- The Washington Times - Thursday, January 3, 2002

The Rev. Jesse Jackson and the Rev. Al Sharpton yesterday accused Harvard University's new president of infringing on "academic freedom" and refusing to embrace affirmative action.

Lawrence H. Summers, a former Treasury secretary in the Clinton administration, reportedly asked Cornel West to devote more time to his role as professor of Afro-American studies and philosophy and religion.

Mr. Summers is said to have questioned Mr. West about his involvement in plans for a Sharpton presidential campaign and about a compact disc of rap music the professor issued last year.

"If Summers doesn't come back and remedy this, it will be a big black eye to Harvard," Mr. Sharpton said yesterday. "The question he needs to ask himself is how he can do that without infringing on Mr. West's right to express himself as an academic."

Mr. Summers also is under fire from both black faculty and the civil rights community for a perceived failure to properly stress the importance of affirmative action at Harvard, believed by many to have the nation's premier black-studies department.

"I take pride in Harvard's long-standing commitment to diversity," Mr. Summers said yesterday in a statement. "Diversity contributes to educational excellence by enabling outstanding students, faculty and staff of all backgrounds to come together and learn from one another. I look forward to working with colleagues at Harvard and elsewhere to promote ever-greater opportunity for all."

A university source said that on two occasions, Mr. Summers refused to explicitly state his approval of affirmative action, which the Harvard faculty refers to as "excellence in diversity."

"There are two issues here, one of academic freedom and one of affirmative action," Mr. Jackson said yesterday. "We had Cornel West leaving a meeting with Mr. Summers feeling aggrieved. And [Mr. Summers], at his inaugural address, was not forthright enough about the role of affirmative action, which helped establish this [W.E.B.] Du Bois Institute.''

The Du Bois Institute is Harvard's school for black studies.

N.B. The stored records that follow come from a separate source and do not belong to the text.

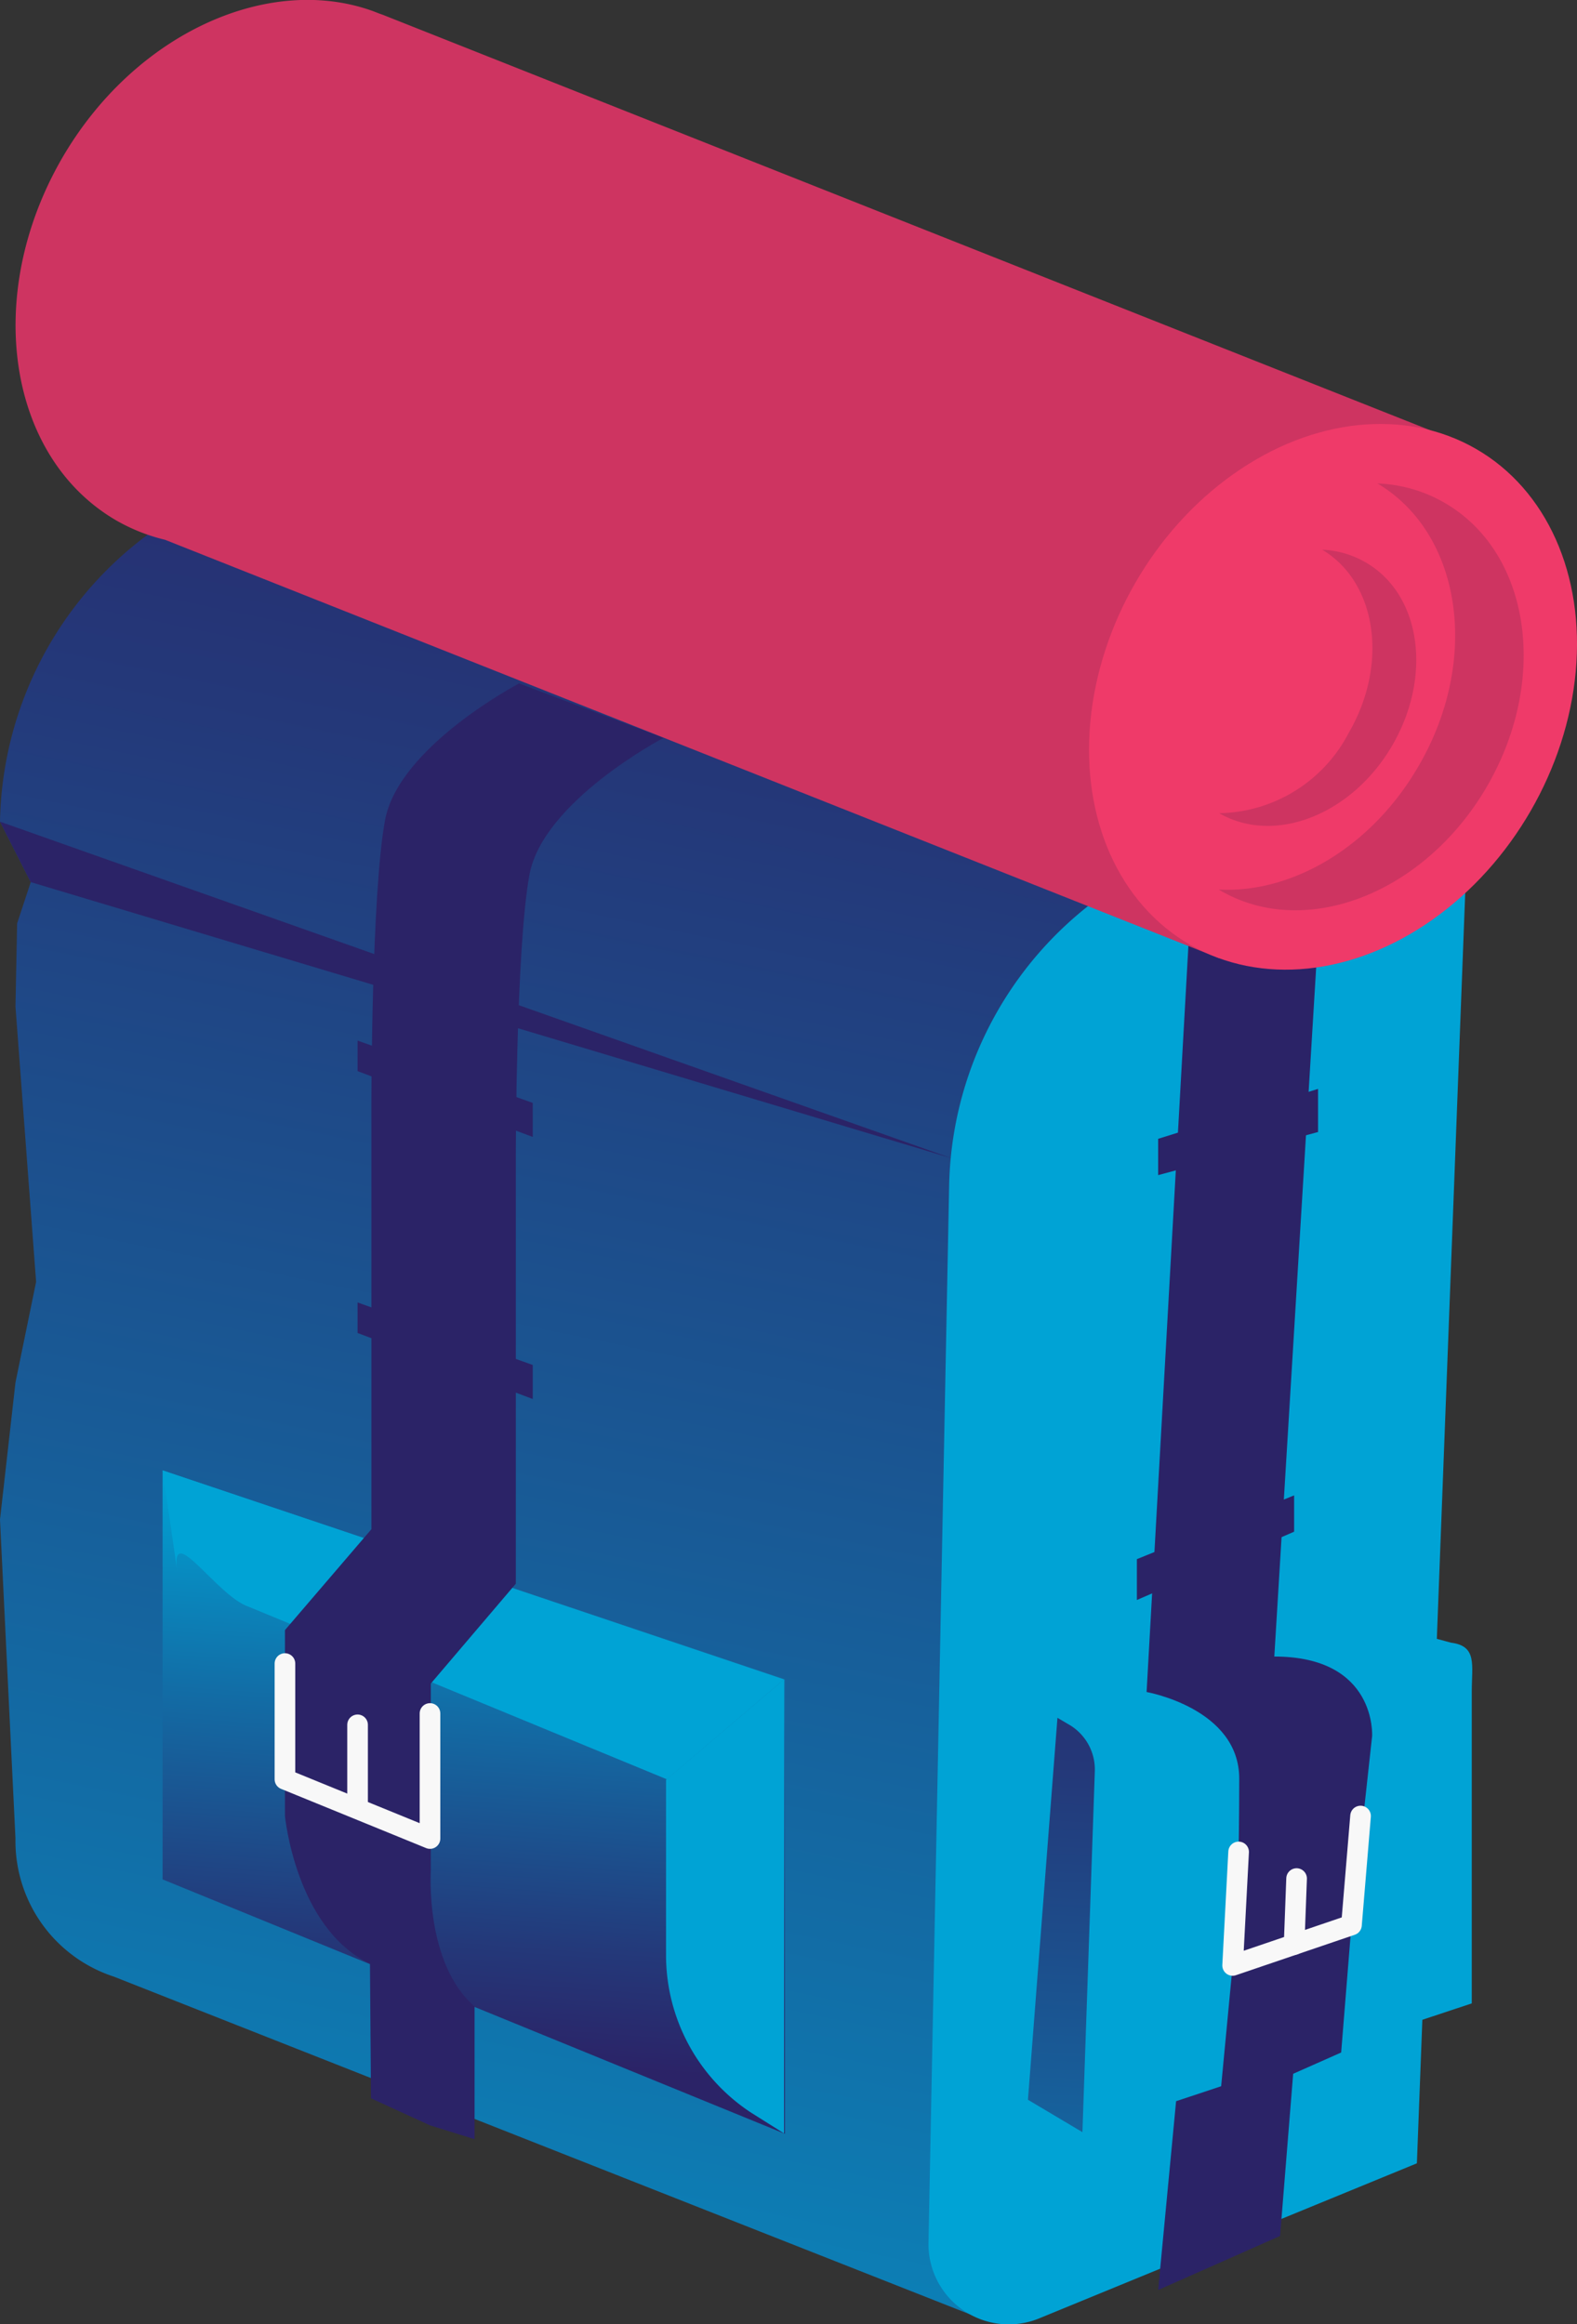 <?xml version="1.0"?>
<svg xmlns="http://www.w3.org/2000/svg" xmlns:xlink="http://www.w3.org/1999/xlink" viewBox="0 0 76.43 112.63">
  <rect x="0" y="0" width="76.43" height="112.63" fill="#333333" stroke="none"/>
  <defs>
    <style>.cls-1{fill:url(#New_Gradient_Swatch_5);}.cls-2{fill:#00a3d5;}.cls-3{fill:url(#New_Gradient_Swatch_5-2);}.cls-4{fill:#2b2367;}.cls-5,.cls-6{fill:none;stroke:#f8f8f8;stroke-linecap:round;}.cls-5{stroke-linejoin:round;}.cls-6{stroke-miterlimit:10;}.cls-7{fill:url(#New_Gradient_Swatch_5-3);}.cls-8{fill:#ce3461;}.cls-9{fill:#ef3a69;}</style>
    <linearGradient id="New_Gradient_Swatch_5" x1="40.3" y1="13.97" x2="14.43" y2="138.7" gradientUnits="userSpaceOnUse">
      <stop offset="0" stop-color="#2b2367"/>
      <stop offset="0.2" stop-color="#243879"/>
      <stop offset="0.62" stop-color="#126da6"/>
      <stop offset="1" stop-color="#00a3d5"/>
    </linearGradient>
    <linearGradient id="New_Gradient_Swatch_5-2" x1="22.05" y1="99.7" x2="24.04" y2="72.62" xlink:href="#New_Gradient_Swatch_5"/>
    <linearGradient id="New_Gradient_Swatch_5-3" x1="52.41" y1="75.12" x2="49.99" y2="127.41" xlink:href="#New_Gradient_Swatch_5"/>
  </defs>
  <title>backpack</title>
  <g id="Layer_2" data-name="Layer 2">
    <g id="Layer_4" data-name="Layer 4">
      <path class="cls-1" d="M25.31,17l-15.12,7.1A17.72,17.72,0,0,0,0,39.82l1.49,2.93-.66,2L.75,48.78l1,13.34L.75,67,0,73.64.75,89.1a6.91,6.91,0,0,0,4.76,6.69l42.16,16.63L71.55,33.26Z"/>
      <path class="cls-2" d="M56.22,41.76l15.12-7.1-2.67,70.18-18.27,7.5A3.89,3.89,0,0,1,45,108.67l1-51.21A17.72,17.72,0,0,1,56.22,41.76Z"/>
      <polygon class="cls-3" points="38.04 103.41 7.88 91.08 7.88 71.26 38.04 81.39 38.04 103.41"/>
      <path class="cls-2" d="M38,81.39v22l-1.59-1a9.13,9.13,0,0,1-4.13-7.64v-8.5Z"/>
      <path class="cls-2" d="M38,81.39,7.88,71.26l.71,4.88c-.36-2.5,1.93,1.23,3.47,1.73l20.26,8.36Z"/>
      <path class="cls-4" d="M23,103.67V97.24c-2.42-2.09-2.12-6.58-2.12-6.58V81.59L25,76.75V56.09s0-10.13.66-13.7,6.5-6.63,6.5-6.63l-7-2.64s-5.84,3.06-6.5,6.63-.66,13.71-.66,13.71V74.11L13.81,79V88s.51,5.44,4.12,7.17l.05,6.52L20.84,103"/>
      <polyline class="cls-5" points="13.81 80.62 13.81 86.23 20.84 89.1 20.84 83.04"/>
      <line class="cls-6" x1="17.33" y1="83.59" x2="17.33" y2="87.34"/>
      <polygon class="cls-4" points="17.33 50.43 25.82 53.45 25.82 55.1 17.33 51.91 17.33 50.43"/>
      <polygon class="cls-4" points="17.33 63.12 25.82 66.15 25.82 67.8 17.33 64.6 17.33 63.12"/>
      <path class="cls-2" d="M67.13,78.75l3.2.86c1.27.16,1,1.08,1,2.35V97.09l-18.82,6.24.66-19-1.87-1.06Z"/>
      <path class="cls-7" d="M49.82,101.76l2.64,1.57.6-17.47a2.52,2.52,0,0,0-1.3-2.31l-.51-.3Z"/>
      <polygon class="cls-4" points="56.13 110.98 57 101.83 62.72 99.93 62.04 108.36 56.13 110.98"/>
      <polygon class="cls-4" points="59.09 102.09 59.96 92.94 65.68 91.04 65 99.47 59.09 102.09"/>
      <path class="cls-4" d="M65.5,93.29l1-9.15s.24-3.86-4.74-3.86l2.14-35.22H57.64L55.57,82s4.49.79,4.49,4.2-.1,6.7-.1,6.7Z"/>
      <path class="cls-8" d="M69.69,21,18.56.72,18.39.66,18.08.54h0C13-1.3,6.5,1.63,3,7.68-.83,14.32.36,22.17,5.65,25.23A8.94,8.94,0,0,0,8,26.16L59.09,46.44Z"/>
      <ellipse class="cls-9" cx="64.6" cy="33.77" rx="13.87" ry="11.06" transform="translate(3.06 72.83) rotate(-60)"/>
      <path class="cls-8" d="M70,24.36a7,7,0,0,0-3.24-.93c4.07,2.42,5,8.52,2,13.68-2.27,3.94-6.14,6.19-9.69,6l.08.05c4.14,2.4,9.93.12,12.93-5.07S74.17,26.76,70,24.36Z"/>
      <path class="cls-8" d="M66.18,27.25a4.6,4.6,0,0,0-2.1-.61c2.64,1.57,3.23,5.53,1.29,8.87a7.21,7.21,0,0,1-6.28,3.9l0,0c2.69,1.55,6.44.07,8.39-3.29S68.87,28.8,66.18,27.25Z"/>
      <polygon class="cls-4" points="63.88 52.77 56.13 55.19 56.13 56.95 63.88 54.86 63.88 52.77"/>
      <polygon class="cls-4" points="62.72 72.47 55.1 75.56 55.1 77.54 62.72 74.23 62.72 72.47"/>
      <polyline class="cls-5" points="60.03 89.75 59.74 95.25 65.5 93.29 65.94 88.01"/>
      <line class="cls-6" x1="62.84" y1="91.04" x2="62.72" y2="94.24"/>
      <polygon class="cls-4" points="0 39.82 46.11 56.13 1.49 42.75 0 39.82"/>
    </g>
  </g>
</svg>
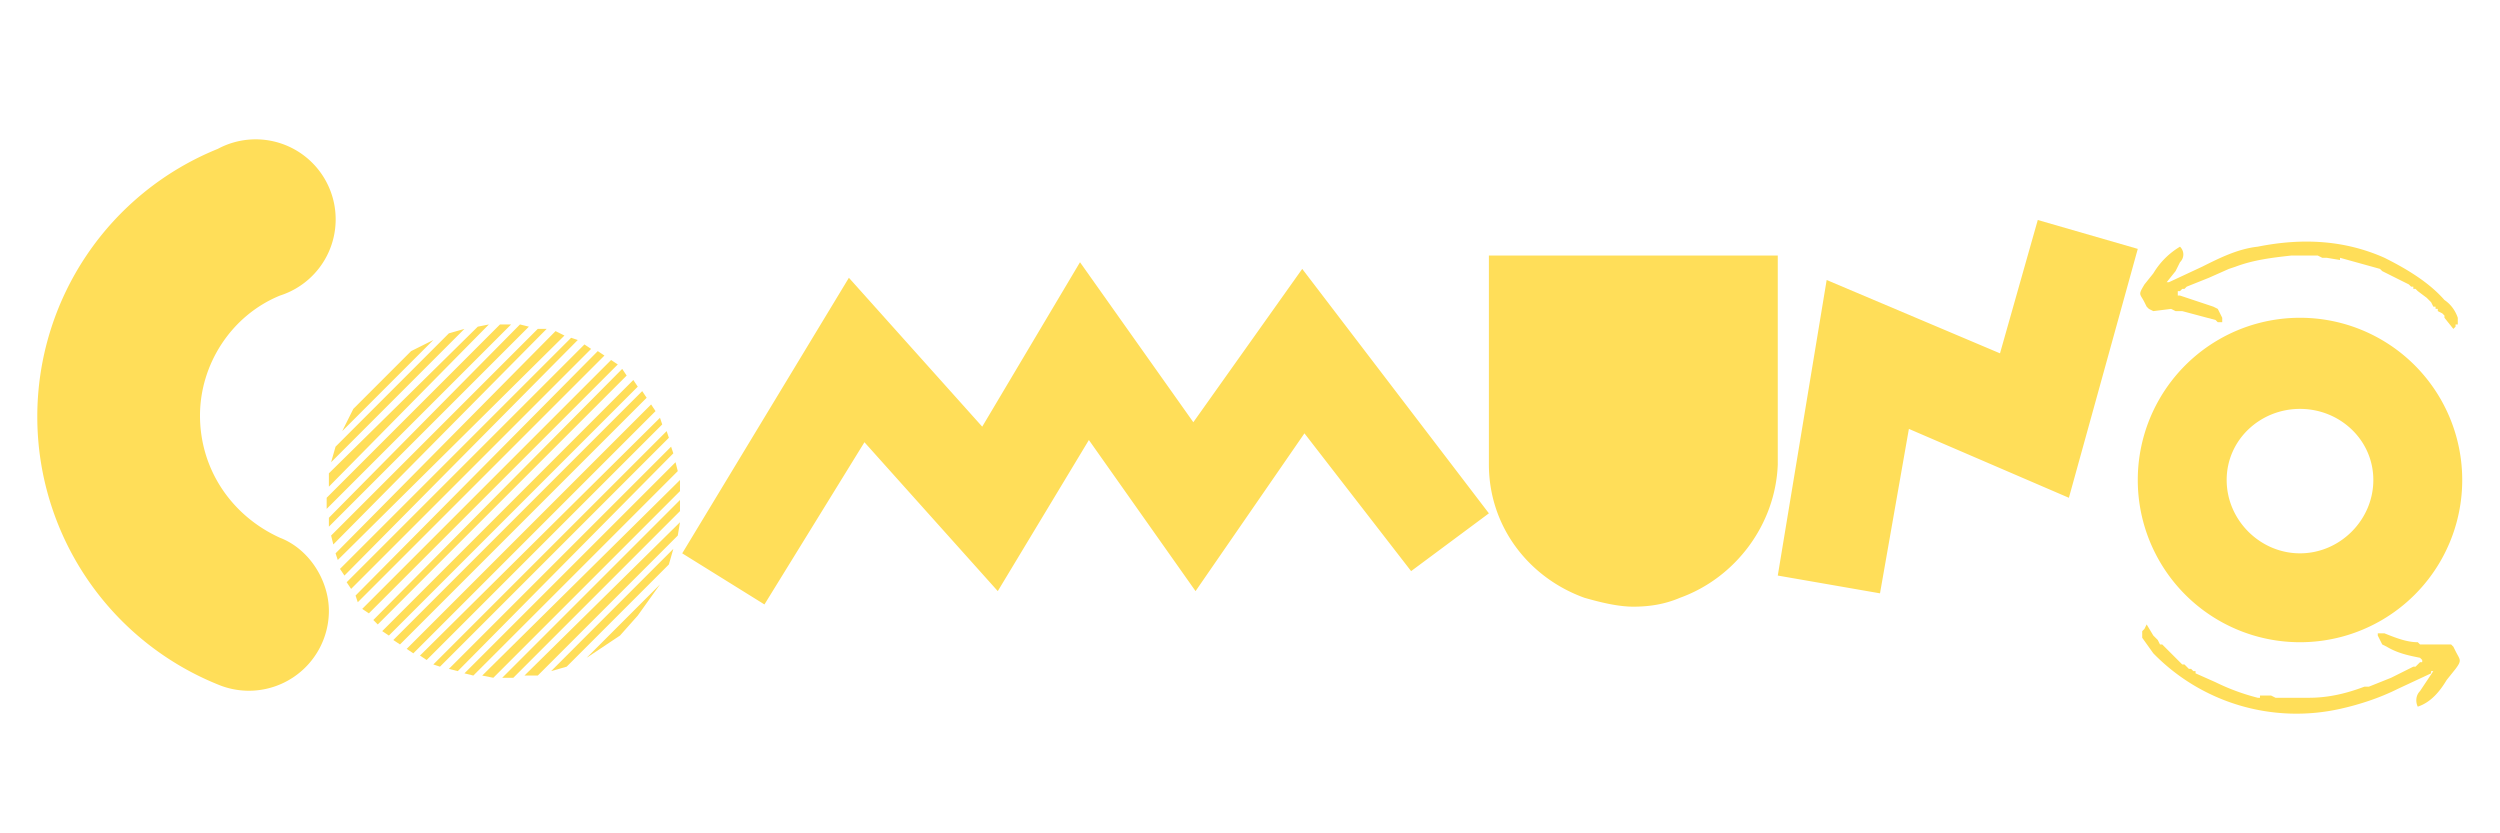 <svg xmlns="http://www.w3.org/2000/svg" fill="#FFDE59" viewBox="0 0 1125 375">
  <path d="M148 275a36 36 0 0 1-50 33 130 130 0 0 1 0-241 36 36 0 1 1 28 66c-22 9-36 31-36 54 0 24 14 45 36 55 13 5 22 19 22 33Zm0 0"/>
  <path d="m152 252-1-3 99-100 4 2Zm86-105-4-1-86 87v4Zm34 13-3-2-109 110 1 3Zm-12-7-3-1-104 104 2 3Zm6 4-3-2-107 107 2 3Zm-71-4-10 5-26 26-5 10Zm30-7-78 78v5l83-83h-5Zm81 79-80 80h5l75-75v-5Zm-28-61-3-2-112 112 3 2Zm-58-18-5 1-67 66v6Zm-11 2-7 2-51 51-2 7Zm37 0h-4l-93 93 1 4Zm59 93 1-6-70 69h6Zm1-20v-5l-89 88 5 1Zm-1-9-1-4-95 95 4 1Zm-23-43-2-3-112 113 2 2Zm5 108 10-14-33 33 15-10Zm16-73-1-3-100 100 4 1Zm-2 50 2-7-55 55 7-2Zm-10-75-2-3-112 112 3 2Zm10 18-1-3-105 105 3 1Zm-14-23-2-3-113 113 3 2Zm8 11-2-3-110 110 3 2Zm3 6-1-3-108 107 3 2Zm415 78c7 2 15 4 22 4s14-1 21-4c25-9 43-33 44-60v-94H670v94c0 28 18 51 43 60m133-2-46-8 22-133 78 33 17-60 45 13-31 112-72-31Zm189 22a73 73 0 0 1 0-146 73 73 0 0 1 0 146Zm0-105c-18 0-33 14-33 32s15 33 33 33 33-15 33-33-15-32-33-32Zm-691 88-37-23 75-124 60 67 44-74 51 72 49-69 84 110-35 26-48-62-49 71-48-68-41 68-60-67Zm0 0"/>
  <path d="m965 283-1 1v3l5 7a90 90 0 0 0 84 25c9-2 18-5 26-9l15-7v-1h1l-4 6-2 3c-2 2-2 5-1 7 6-2 10-7 13-12l4-5c3-4 2-4 0-8l-1-2-1-1h-14l-1-1c-5 0-10-2-15-4h-3v1l2 4 2 1c5 3 10 4 15 5l1 1v1h-1l-1 1-1 1h-1l-10 5-10 4h-2c-8 3-16 5-25 5h-15l-2-1h-5s-1 0 0 0v1h-1a97 97 0 0 1-19-7l-9-4v-1h-1l-1-1h-1l-1-1-1-1h-1l-4-4-2-2-1-1-1-1 1 1-1-1-1-1h-1l-1-2-1-1-1-1-3-5-1 2Zm123 17Zm-106 0h1-1Zm6 3Zm-6-3h1-1Zm1 0v1-1Zm-17-14Zm0 1Zm8 4Zm-1-1Zm11 10 1 1-1-1Zm121-153v-1h1v-3c-1-3-3-6-6-8-7-8-17-14-27-19-18-8-37-9-57-5-9 1-17 5-25 9l-15 7h-1l4-5 2-4c2-2 2-5 0-7-5 3-9 7-12 12l-4 5c-3 5-2 4 0 8l1 2 1 1 2 1 8-1 2 1h3l15 4 1 1h2v-2l-2-4-2-1-15-5h-1v-2h1l1-1h1l1-1 10-4 9-4 3-1c8-3 16-4 25-5h12l2 1h2l6 1v-1l18 5 1 1a5064 5064 0 0 0 12 6l1 1h1v1h1l1 1 4 3 2 2 1 2h1-1 1v1h1v1l2 1 1 1v1l4 5 1-1Zm-123-17Zm105-1Zm-5-2Zm6 2h-1 1Zm-1 0Zm17 14Zm0-1Zm-8-4Zm1 1Zm-12-10Zm0 0"/>
</svg>

In a New Year's Day speech at St. Paul's A.M.E. Church in Cambridge, Mass., Mr. Jackson alluded to Harvard's "uncertainty about affirmative action" and called it "disturbing."

Mr. Summers risks losing several key professors from the Du Bois Institute, Mr. Jackson said.

He also suggested there were political motives for Mr. Summers' actions. Mr. West worked for Bill Bradley's failed 2000 presidential bid and is leading a presidential-exploratory committee for Mr. Sharpton.

"Summers was a Clinton appointee. He would oppose anyone who would oppose Al Gore," Mr. Sharpton said.

If he decides to run for president in 2004, Mr. Sharpton could face Mr. Gore, the former vice president, in the Democratic primary.

"I myself feel aggrieved," Mr. Sharpton said, "if I can't have who I want to have work for me."

When Mr. Summers took office in October, he called Mr. West into a meeting to ask him about his recently released hip-hop CD and his political activities, according to published reports. Mr. West was asked to devote more time to his work at Harvard.

He also was asked about grade inflation in his introductory black-studies course, in which a reported 50 percent of students receive A or A-minus grades.

But Mr. West, who could not be reached yesterday, said the mid-October meeting left him feeling as if his academic freedom was under attack.

The 47-year-old Harvard graduate last September released "Sketches of My Culture," a blend of rap and spoken word, on an independent record label. At the time, he told an interviewer, "I don't fool myself and think I'm a hip-hopper or nothing."

Mr. West, who was hired at Harvard in 1994, was defended yesterday by Henry Louis Gates Jr., who chairs the black-studies program.

"He takes on more classes than anyone else, and he has missed one class since he came here, when he had permission to be in Ethiopia," Mr. Gates said.

Mr. Summers was out of town this week and unable to meet with Mr. Jackson. He reportedly has agreed to a meeting with the civil rights leader.